▶ **What is required**:
Each entry below needs to be transcribed verbatim; the images should not appear.

[Stored dataset items]
*** Begin section ***
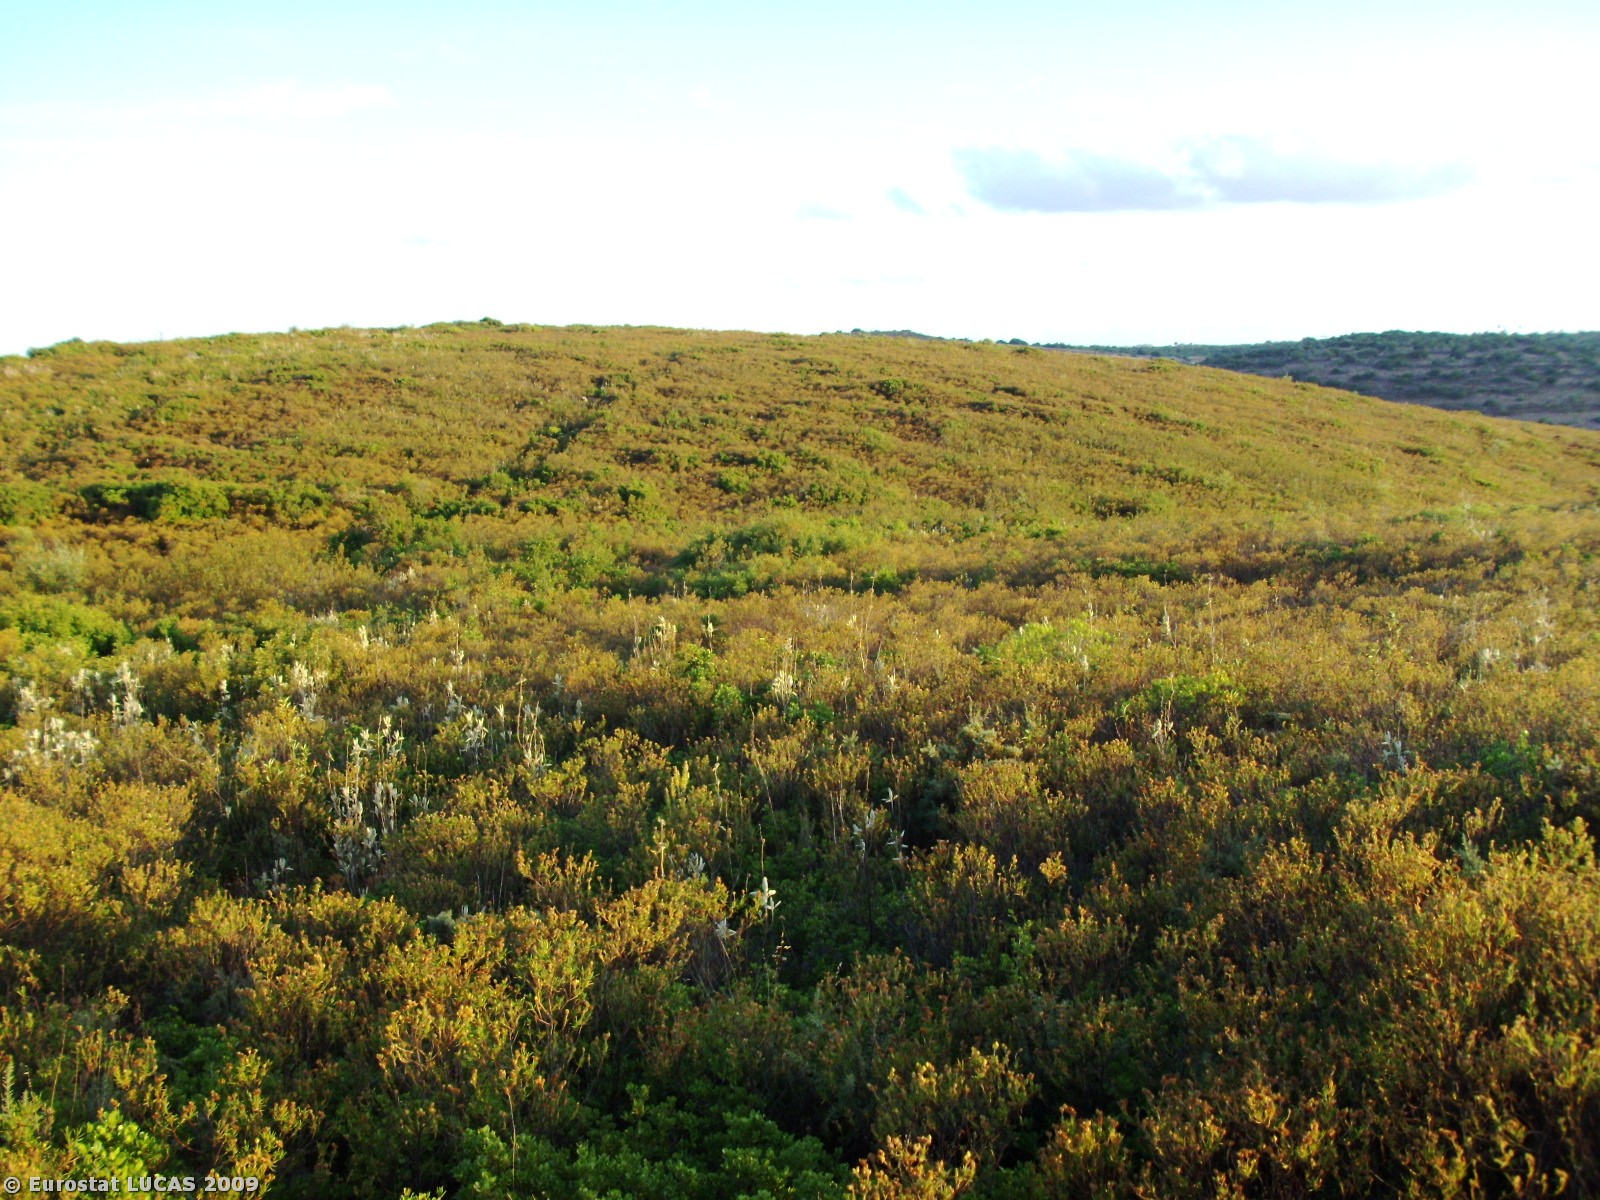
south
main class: Shrubland
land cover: Shrubland without tree cover
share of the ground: > 75 %
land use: Unused
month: June
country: PT
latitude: 37.1523
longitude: -8.7096
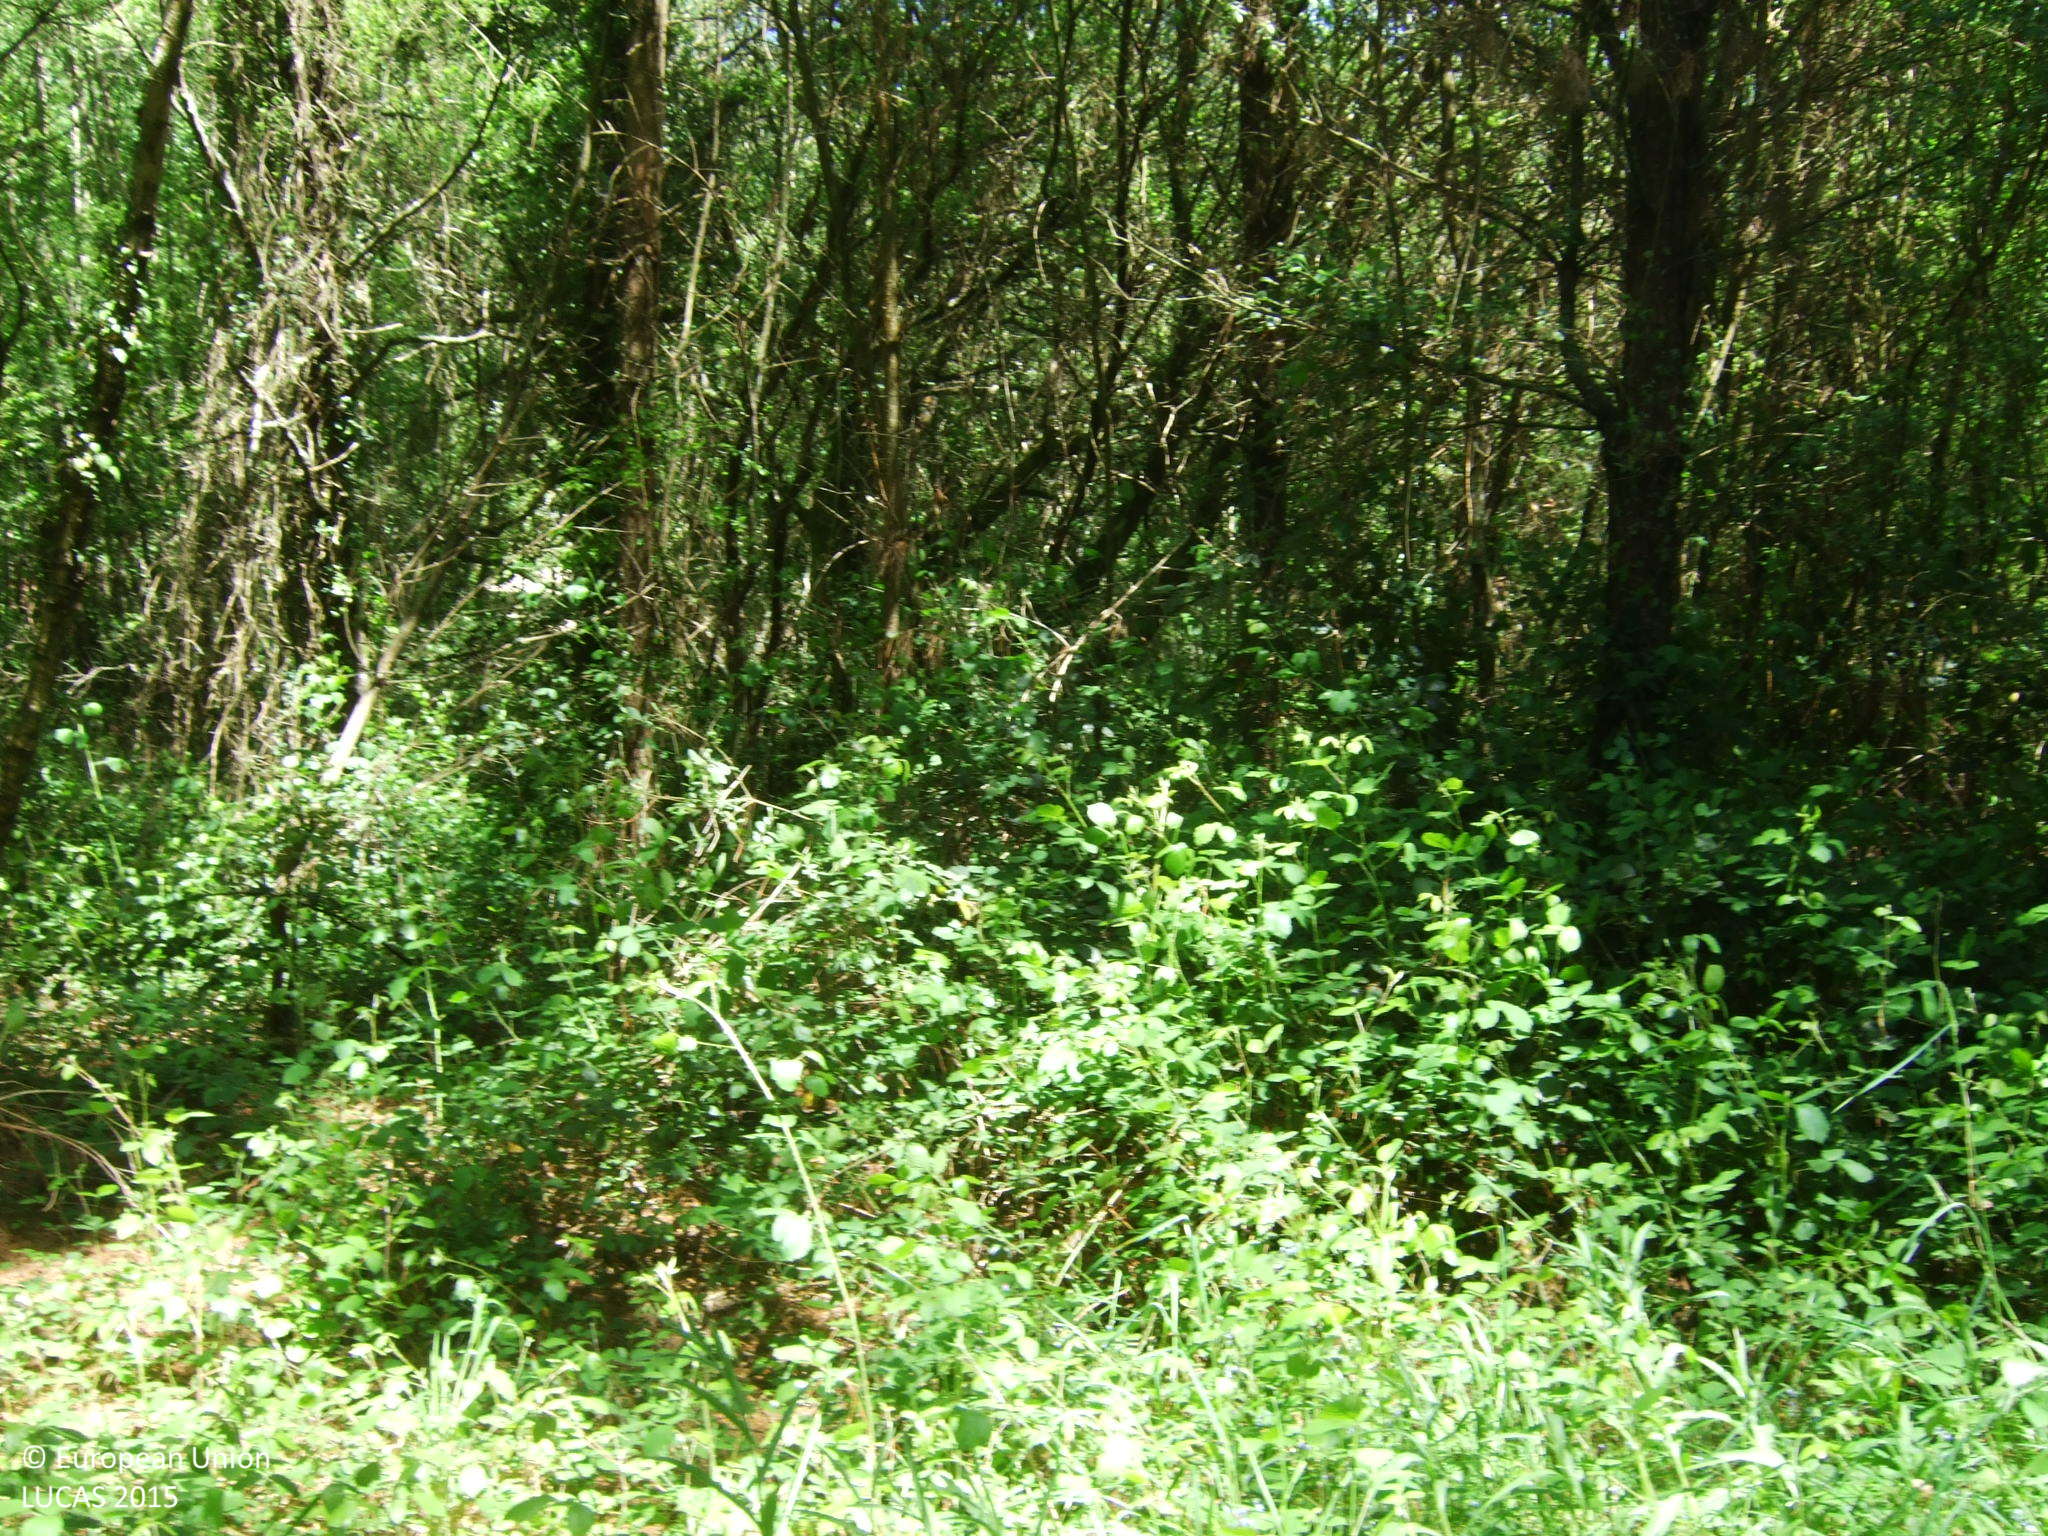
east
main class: Woodland
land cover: Pine dominated mixed woodland
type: exotic forest
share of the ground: 50 - 75 %
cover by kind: coniferous forest trees 40 %, broadleaved forest trees 30 %, shrubs 30 %
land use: Forestry
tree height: > 5 m
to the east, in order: Pine dominated mixed woodland; Rivers and streams; Broadleaved woodland; Tracks; Broadleaved woodland; Grassland without tree/shrub cover; Groves; Fences; Grassland without tree/shrub cover; Broadleaved woodland; Grassland without tree/shrub cover
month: May
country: ES
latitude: 43.2629
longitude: -7.6631
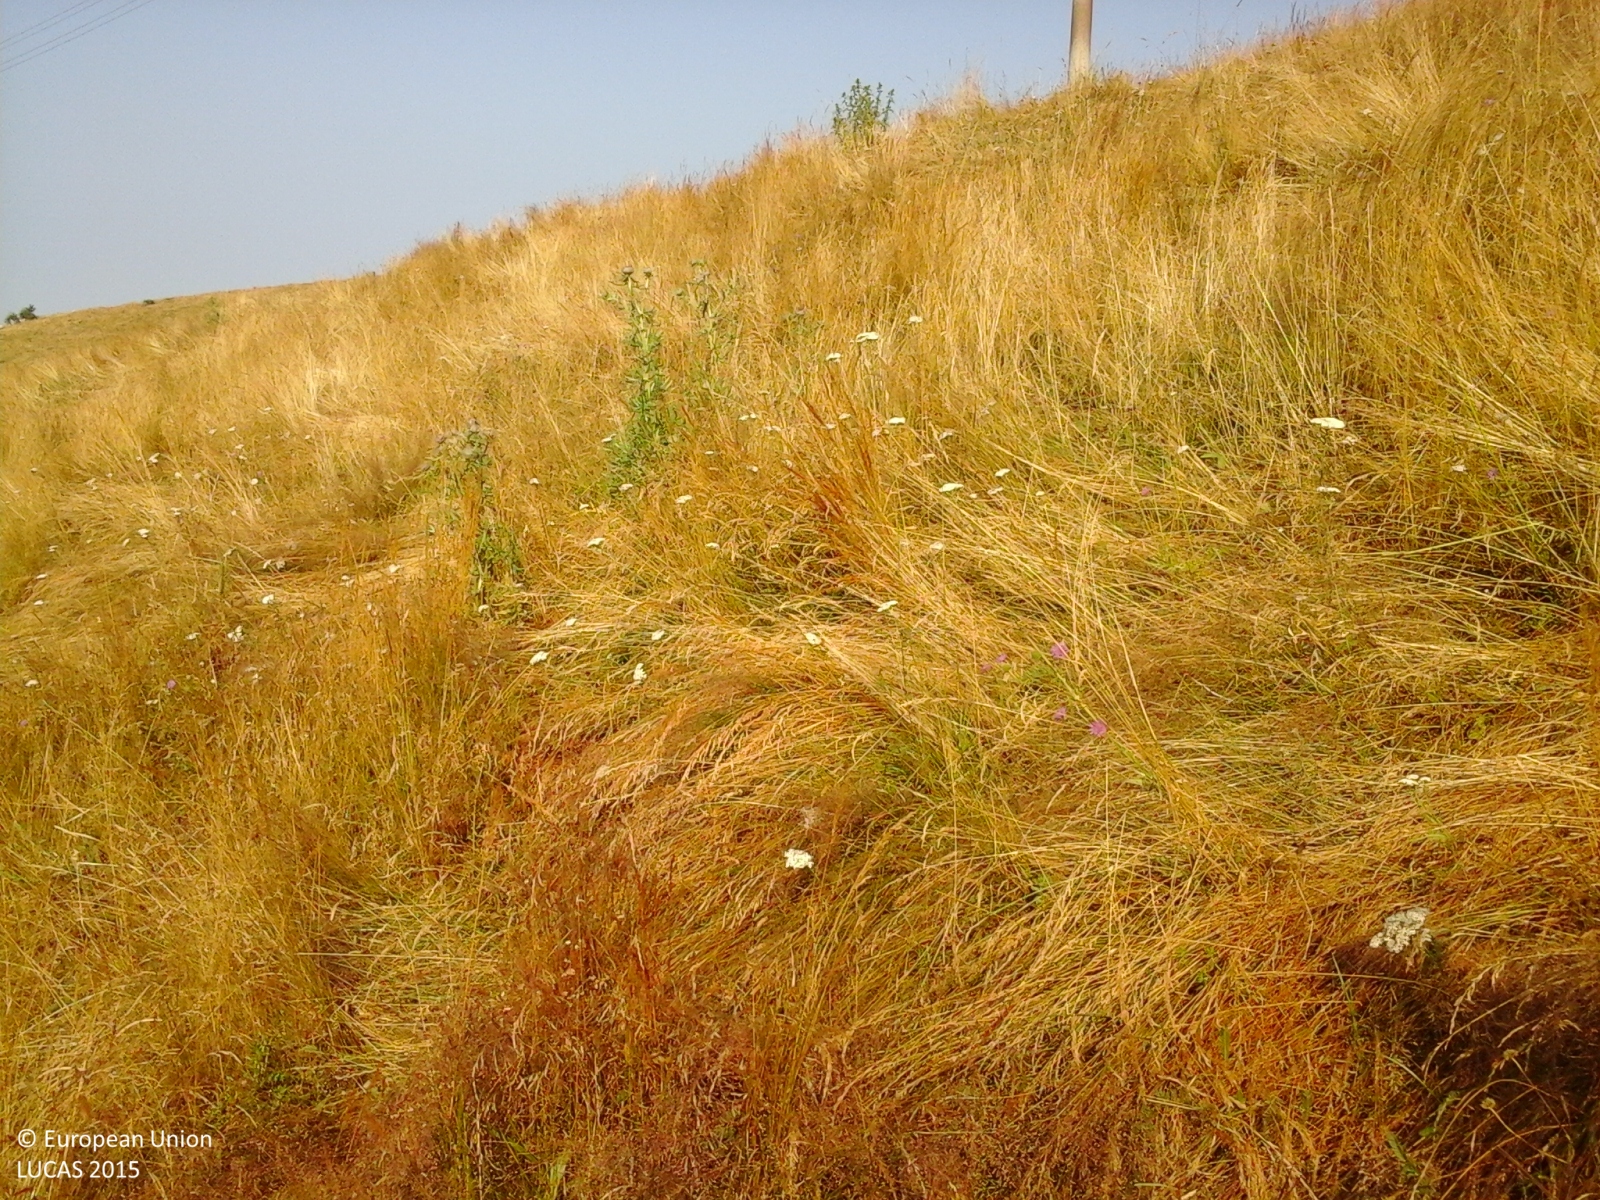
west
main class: Grassland
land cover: Grassland without tree/shrub cover
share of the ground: > 75 %
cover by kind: herbaceous plants 100 %
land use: Agriculture (excluding fallow land and kitchen gardens)
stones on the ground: 10 - 25 %
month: July
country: IT
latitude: 45.6430
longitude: 11.0888
*** End section ***
▶ **Solution**:
south
main class: Shrubland
land cover: Shrubland without tree cover
share of the ground: > 75 %
land use: Unused
month: June
country: PT
latitude: 37.1523
longitude: -8.7096
east
main class: Woodland
land cover: Pine dominated mixed woodland
type: exotic forest
share of the ground: 50 - 75 %
cover by kind: coniferous forest trees 40 %, broadleaved forest trees 30 %, shrubs 30 %
land use: Forestry
tree height: > 5 m
to the east, in order: Pine dominated mixed woodland; Rivers and streams; Broadleaved woodland; Tracks; Broadleaved woodland; Grassland without tree/shrub cover; Groves; Fences; Grassland without tree/shrub cover; Broadleaved woodland; Grassland without tree/shrub cover
month: May
country: ES
latitude: 43.2629
longitude: -7.6631
west
main class: Grassland
land cover: Grassland without tree/shrub cover
share of the ground: > 75 %
cover by kind: herbaceous plants 100 %
land use: Agriculture (excluding fallow land and kitchen gardens)
stones on the ground: 10 - 25 %
month: July
country: IT
latitude: 45.6430
longitude: 11.0888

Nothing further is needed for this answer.